Chime Clock Instructions

These instructions apply to many spring-driven quarter-hour chiming clocks.
Setup-Pendulum Mantel Clock:

Place clock on table with back facing you. Open the back door, hang the pendulum on the hook , and close the door. Carefully place the clock where it is to be used, on a stable, level surface. Lift one side of the clock gently two inches, then put it down, to start the pendulum swinging.
Setup-Pendulum Shelf Clock:

Place the clock where it is to be used, on a stable, level surface. Open the front door and hang the pendulum on the hook (on many clocks the hook is behind the dial).give the pendulum a swing, and the clock will start ticking.
Setup - Pendulum Wall Clock:

Choose the proper size wood screw (typically a # 8, 10 or 12) to fit the hanger at the top back of the clock, and long enouth to go securely through the wall into a stud. Secure the screw into the wall, angled upward at a 45 degree angle, and hang the clock. Open the front door and hang the pendulum on the hook (on many clocks the hook is behind the dial), give the pendulum a swing, and the clock will start ticking. Move the bottom of the case to the left or right until ticking is even (or if there is a beat scale beneath the pendulum, move the case so the pendulum points to zero when at rest). Secure bottom of case to wall so clock is stable.
Setup-Balance Wheel Mantel Clock:

This type of clock usually starts by itself upon winding. If it does not, open the back door and start the balance wheel seinging by either of these two methods:
1) Quickly rotate the clock in the plane of the balance wheel to impart motion to it.
2) With a soft brush, rotate the balance wheel and release it.
Setting the Hands:

When setting the clock to time, move the minute hand clockwise, pausing at each quarter hour for the clock to strike. On modern German chime clocks it is all right to move the minute hand counterclockwise to set the time. This is often a quicker way to set the time, as yu won't have to wait while the clock chimes each quarter.
Winding Eight Day clock:

Wind the clock once per week, preferably on the same day each week. Turn the key with a smoothe motion, stopping when the spring is tight. Never let the key snap back in your hand, always release it gently after each half - turn. Make sure the clock is fully wound, so keep turning the key until the spring is obviously tight. The chime mainspring (usually the right hand winding square) will often take more force to wind than the other two springs.
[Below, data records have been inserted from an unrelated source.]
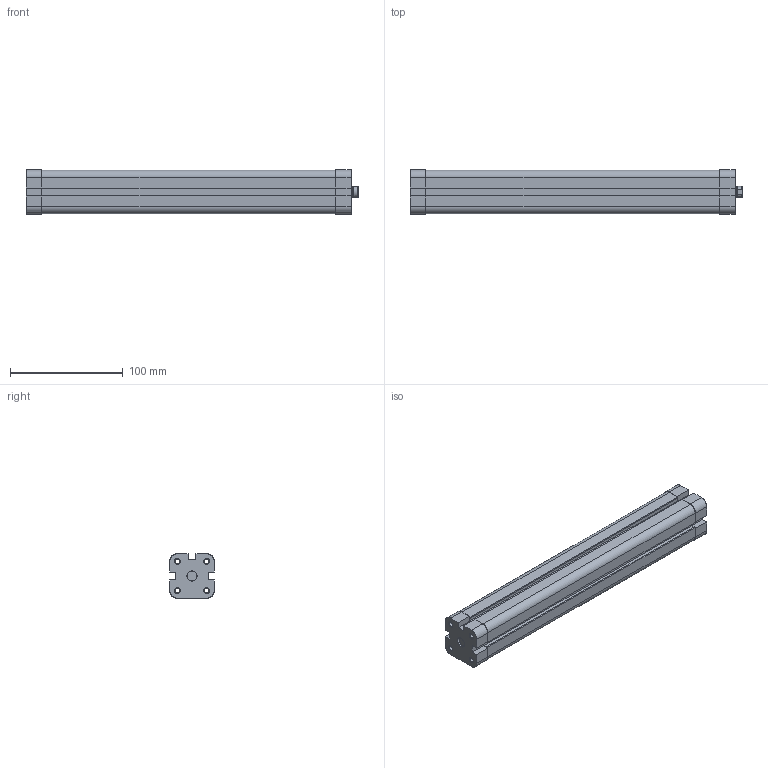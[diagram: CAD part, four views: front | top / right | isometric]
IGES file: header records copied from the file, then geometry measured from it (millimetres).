
Start section: SolidWorks IGES file using analytic representation for surfaces
Global section: file name: PK25-250CYLINDER.IGS; native system: SolidWorks 2010; preprocessor: SolidWorks 2010; author: HASAN; date: 100923.105858; units: millimetre
Bounding box: 295 x 39.5 x 39.5 mm (x, y, z)
Surface area: 135525.6 mm2 (no closed solid volume)
Topology: 0 solids, 0 shells, 218 faces, 2629 edges, 2627 vertices
Faces by surface type: revolution 118, bspline 100
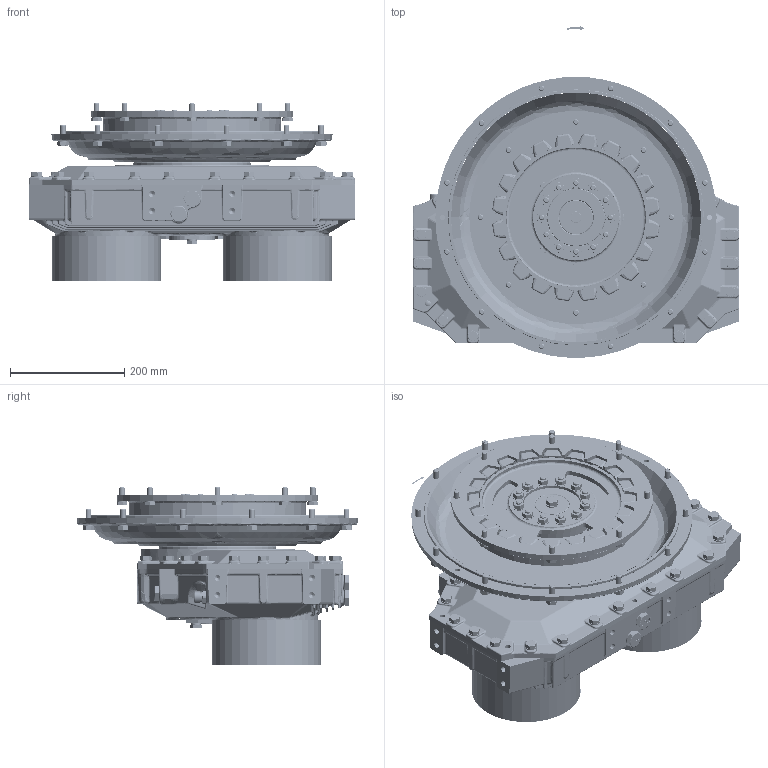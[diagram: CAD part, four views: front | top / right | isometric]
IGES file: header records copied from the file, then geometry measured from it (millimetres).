
Start section: SolidWorks IGES file using analytic representation for surfaces
Global section: file name: 1029015E.IGS; native system: SolidWorks 2007; preprocessor: SolidWorks 2007; author: piccagliad; date: 160226.102621; units: millimetre
Bounding box: 570 x 580.17 x 310.6 mm (x, y, z)
Surface area: 3006349.4 mm2 (no closed solid volume)
Topology: 0 solids, 0 shells, 9485 faces, 133679 edges, 133323 vertices
Faces by surface type: bspline 5416, revolution 4069

Winding Direction: ___________ ____________ _____________

Winding Function: __________ ____________ ______________
Clocks with more than one chime melody:
Change the tune selector only when the clock is not chiming.
Time keeping Accuracy:

This type of clock will able to keep time within 3-7 minutes per week. You will need to do the final regulation once the clock is in its permanent location to achieve this accuracy. To check the clock's accuracy, set the hands to the correct time, and then let the clock run at least 3 or 4 days.The main factors causing variations in rate are temperature changes and the lessening tension of the mainspring as it runs down. Once the clock is regulated to keep good time, you will need to set the hands whenever the time is off by more than a few minutes- perhaps every week or two. Pendulum clocks are usually more accurate than balance wheel clocks
Regulating the Clock - Regulating Square:

The clock can be made to go faster or slower by means of the small ssquare on the dial. Turning it toward F speeds up the clock, and turning it toward S slows it down. The regulating square is turned with the small end of the winding key. Turn the square only a small amount each time.
Regulating the Clock - Pendulum Nut:

The clock can be made to go faster or slower by means of the nut at the bottom of the pendulum. Turning the front of the nut to the right speeds up the clock, and turning it to the left slows it down (in other words move the nut up to speed up or down to slow down). Turn the nut only a small amount each time.
Regulating the Clock - Modern Balance Wheel:

The clock can be made to go faster or slower by means of the regulator, which is accessible by opening the back door. In this type of clock, the regulator is a screw near the balance wheel. With a small screwdriver, move the regulator in the direction needed (towards F for faster or towards S for slower). Move it only a small amount each time.
Regulating the Clock - Balance wheel with a Pointer:

The clock can be made to go faster or slower by means of the regulator, which is accessible by opening the back door. In this type of clock, the regulator is a pointer behind the balance wheel. Push the pointer in the direction needed (towards F for faster or towards S for slower). Move it only a small amount each time.